JOSÉ ANTONIO MARTÍNEZ
Treinta años entre rejas. Éste es el máximo que podrá estar en la cárcel el joven que violó y asesinó a una anciana en Pinoso, según la sentencia a la que ayer tuvo acceso este diario y que le condena a un total 38 años. Thymothy Geert Knockaert, de nacionalidad belga, reconoció los hechos el día del juicio y aceptó la totalidad de la pena que reclamaba para él la Fiscalía, sin rebaja alguna. El fallo le obliga también a indemnizar con 218.700 euros al hijo de la víctima en concepto de daños morales, aunque los magistrados de la Sección Tercera dan como probado que el condenado es insolvente.

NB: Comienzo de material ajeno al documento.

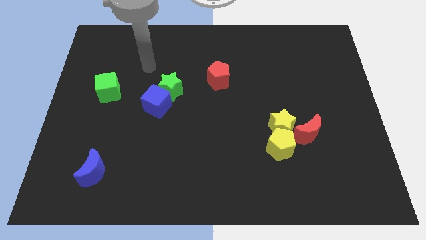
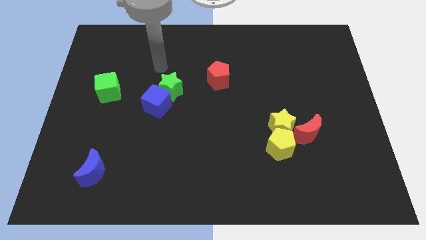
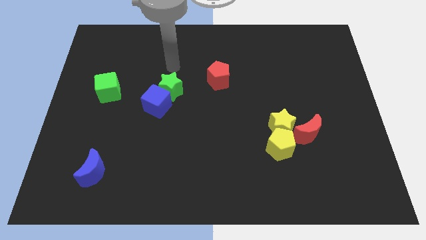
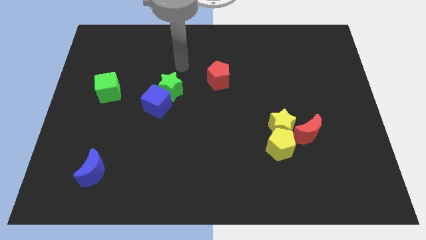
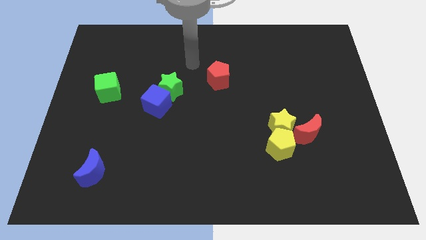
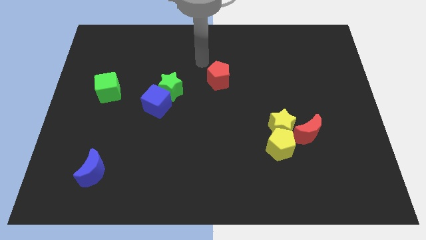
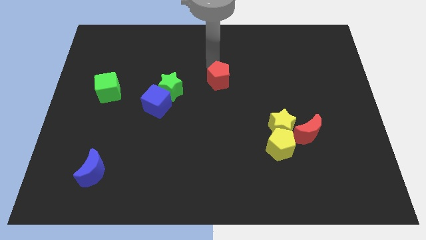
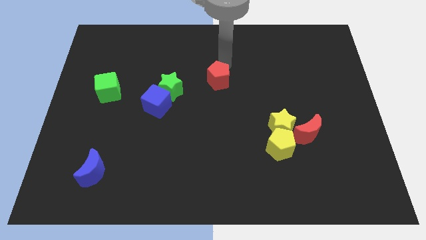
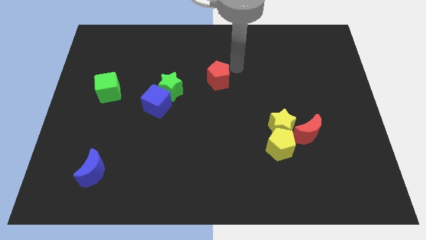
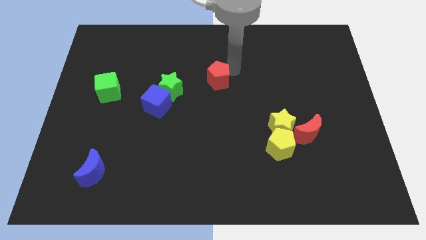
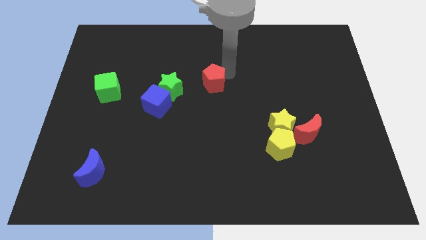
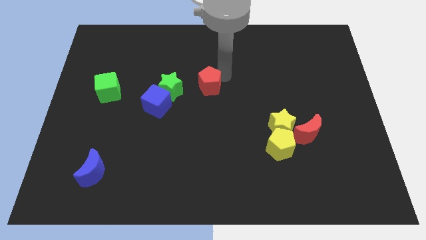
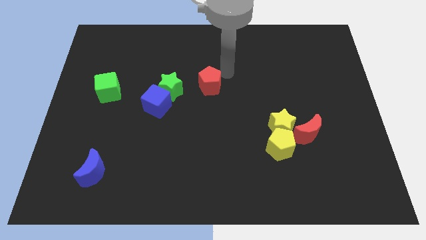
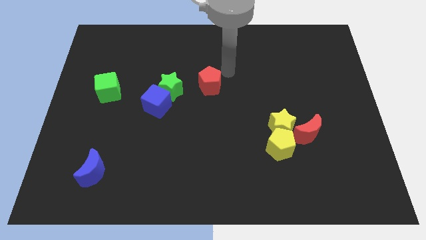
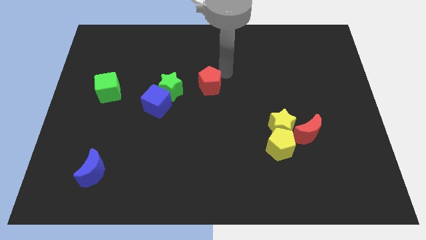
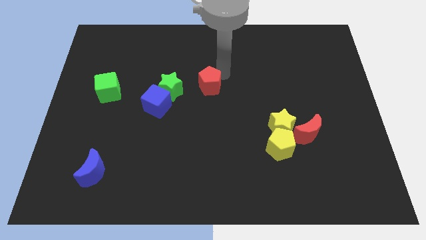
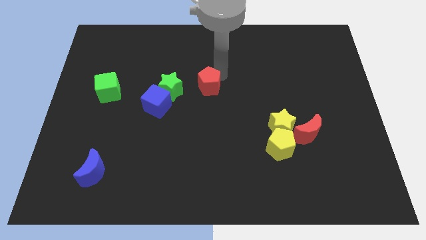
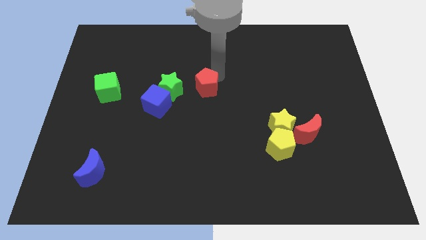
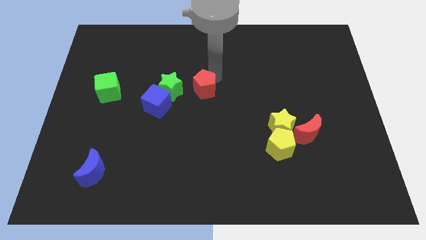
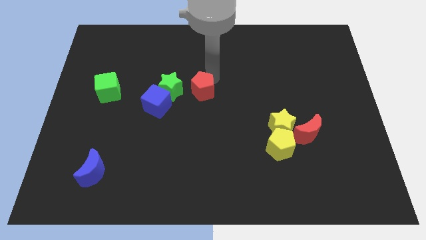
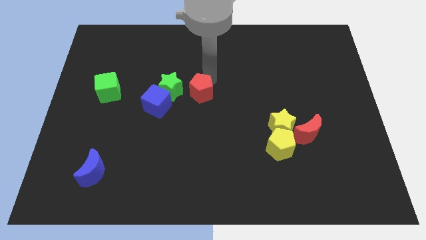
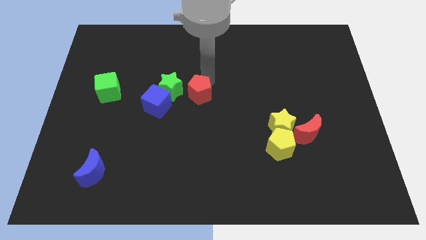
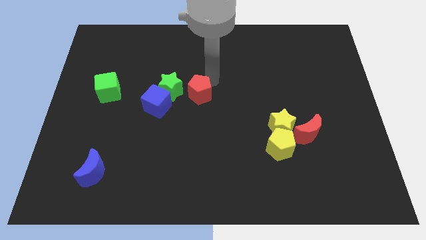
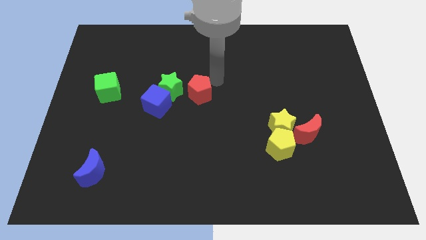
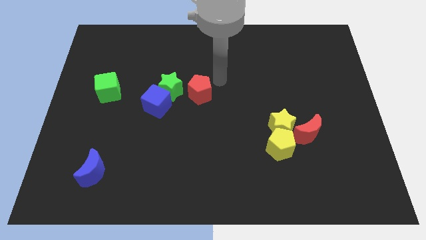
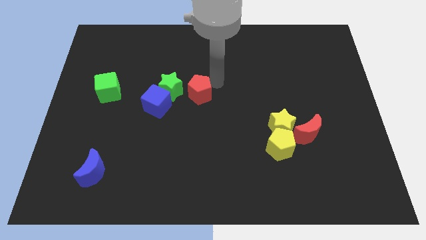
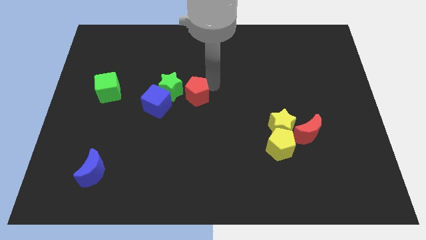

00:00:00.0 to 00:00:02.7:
slightly push the red pentagon downwards and left diagonally

Los hechos ocurrieron sobre la una de la madrugada del 9 de noviembre de 2007 cuando Thymothy Geert se presentó en la casa de la víctima tras haber avisado por teléfono de que se iba a quedar a dormir allí. El procesado, debido a relaciones familiares, había entablado amistad en los últimos meses con su víctima (una británica de 73 años) y su marido, que se encontraba en la cama impedido. Cuando el joven se presentó en la casa atacó a la mujer con un cuchillo y la violó, mientras su esposo observó toda la escena desde la cama sin poder moverse. Con el mismo cuchillo, amenazó al marido para que le diera el dinero que tuviese, apoderándose de 500 euros, dos teléfonos móviles y dos tarjetas de crédito. El marido falleció poco días después por la impresión del brutal asesinato.
La Audiencia Provincial le ha impuesto 21 años por el asesinato, más 14 por la violación y otros tres por el robo. En total, 38 años de prisión. Los magistrados de la Sección Tercera han aplicado una reforma legal del año 2003 por la que se elevaba el límite máximo de cumplimiento para los acusados de delitos graves. El máximo que prevé la ley es de 40 años para aquellos que sean condenados por dos o más delitos con penas de 20 años, aunque este supuesto se acostumbra reservar para los casos de terrorismo. El tiempo total efectivo que pase en la cárcel dependerá ahora de su comportamiento en prisión y del pago de las indemnizaciones que ha establecido el fallo judicial.
En la sentencia se fija que pague 210.000 euros: 150.000 por la muerte de la madre; 44.700 por el fallecimiento del padre; y finalmente 18.000 euros por las lesiones psicológicas que sufrió el hijo del matrimonio como consecuencia del crimen. De todos modos, se trata de un dinero que difícilmente va a poder cobrar, ya que el asesino se declaró insolvente en su día en el juzgado.
El día del juicio Thymothy Geert aseguró que se encontraba muy arrepentido de lo ocurrido y que quería asumir todas las consecuencias de sus acciones. Los forenses no lograron encontrar ninguna patología mental que explique la brutalidad del crimen. Una brutalidad que provocó que el juicio estuviera marcado por escenas de tensión como cuando una familiar de los fallecidos trató de agredir al procesado. El joven lleva en prisión desde pocos días después del crimen, algo más de dos años.